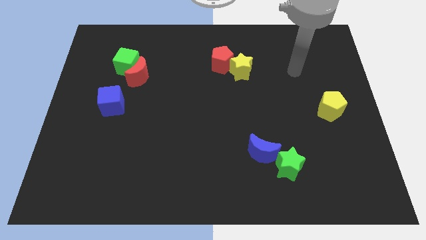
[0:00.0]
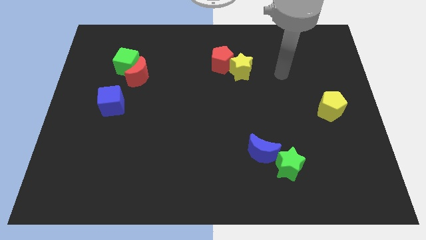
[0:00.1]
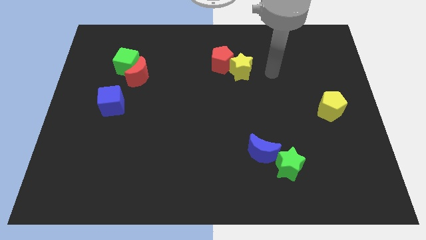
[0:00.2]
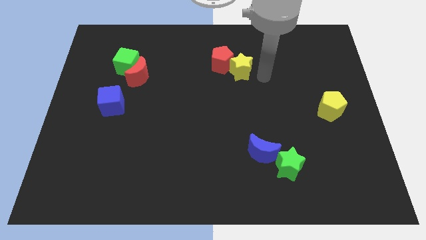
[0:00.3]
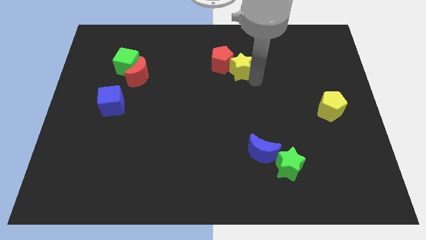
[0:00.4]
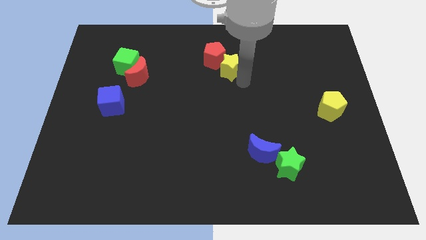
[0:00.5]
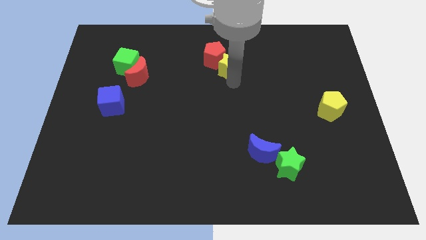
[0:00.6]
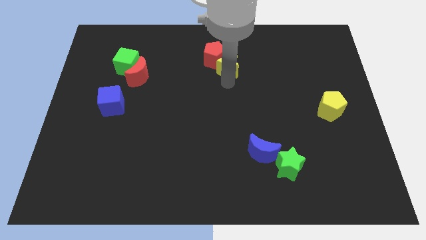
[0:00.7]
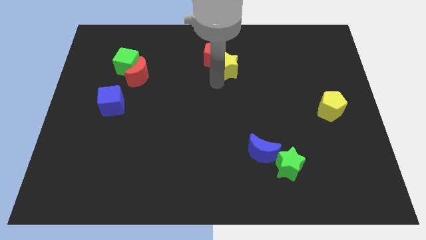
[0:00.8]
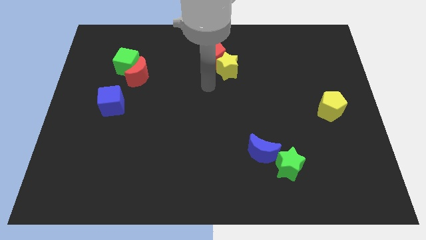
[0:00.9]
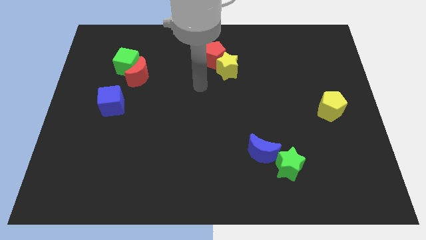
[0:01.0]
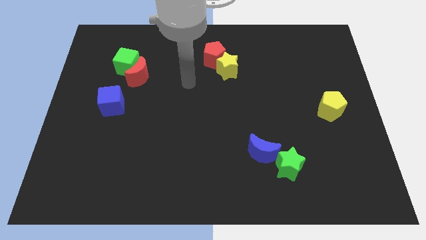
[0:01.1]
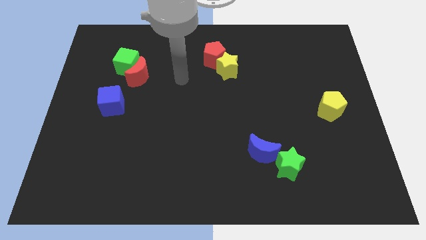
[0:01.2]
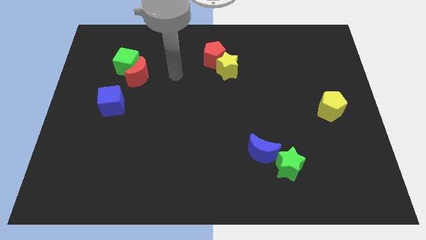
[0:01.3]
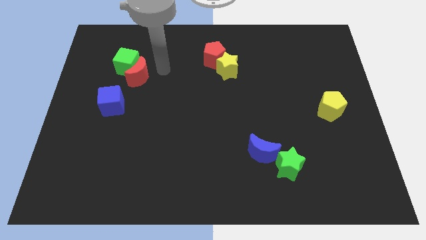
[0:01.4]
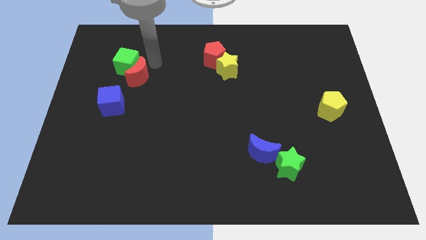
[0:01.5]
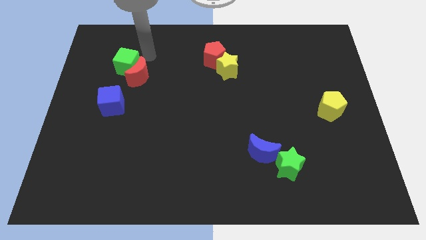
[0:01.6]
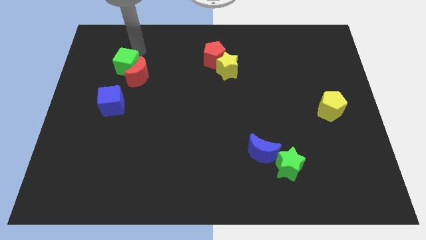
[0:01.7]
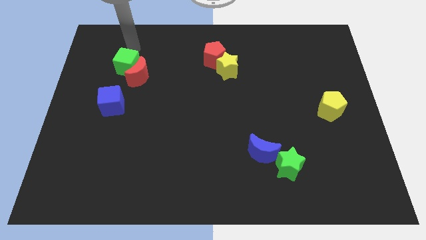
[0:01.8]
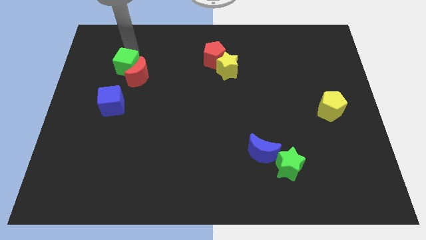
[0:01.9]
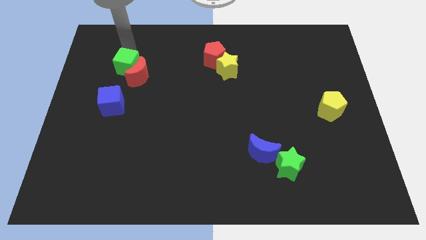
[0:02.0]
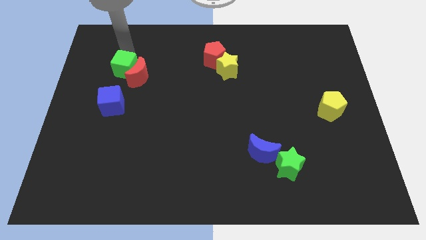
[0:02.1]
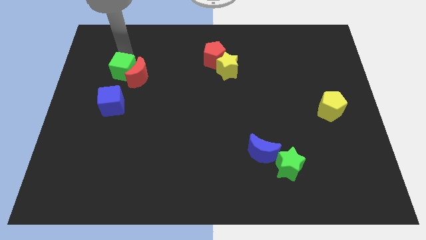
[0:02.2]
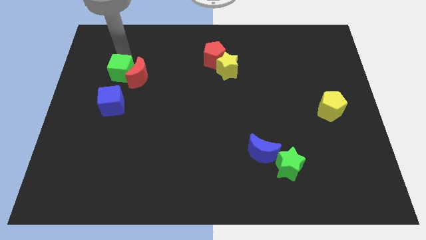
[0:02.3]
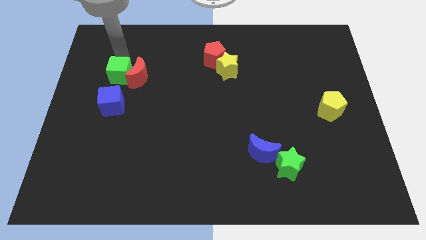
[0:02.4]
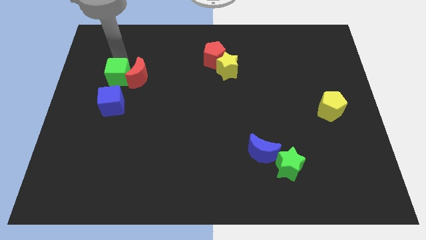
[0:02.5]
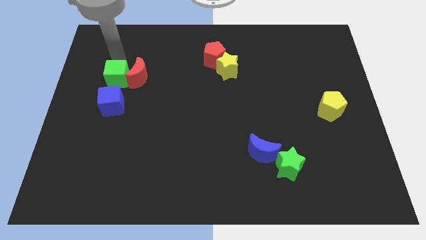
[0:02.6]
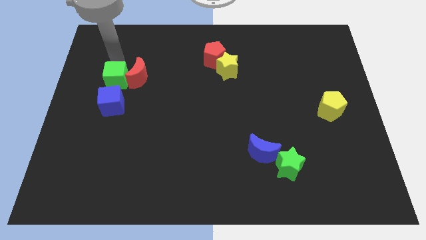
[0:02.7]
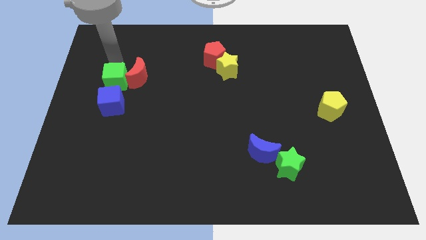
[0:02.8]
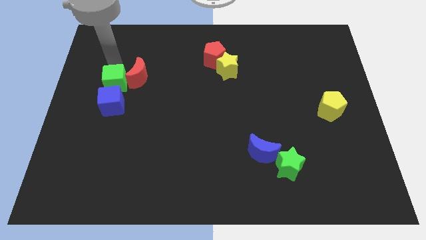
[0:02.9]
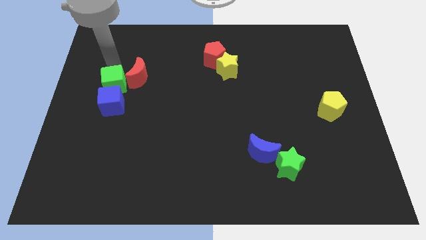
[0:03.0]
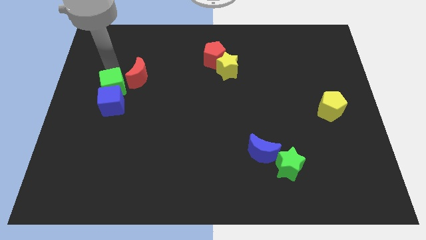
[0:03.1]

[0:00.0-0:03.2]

What is expected:
Would you output the full listing exactly as it stands, minus the images?

Solution for this task:
[0:00.0]
[0:00.1]
[0:00.2]
[0:00.3]
[0:00.4]
[0:00.5]
[0:00.6]
[0:00.7]
[0:00.8]
[0:00.9]
[0:01.0]
[0:01.1]
[0:01.2]
[0:01.3]
[0:01.4]
[0:01.5]
[0:01.6]
[0:01.7]
[0:01.8]
[0:01.9]
[0:02.0]
[0:02.1]
[0:02.2]
[0:02.3]
[0:02.4]
[0:02.5]
[0:02.6]
[0:02.7]
[0:02.8]
[0:02.9]
[0:03.0]
[0:03.1]

[0:00.0-0:03.2]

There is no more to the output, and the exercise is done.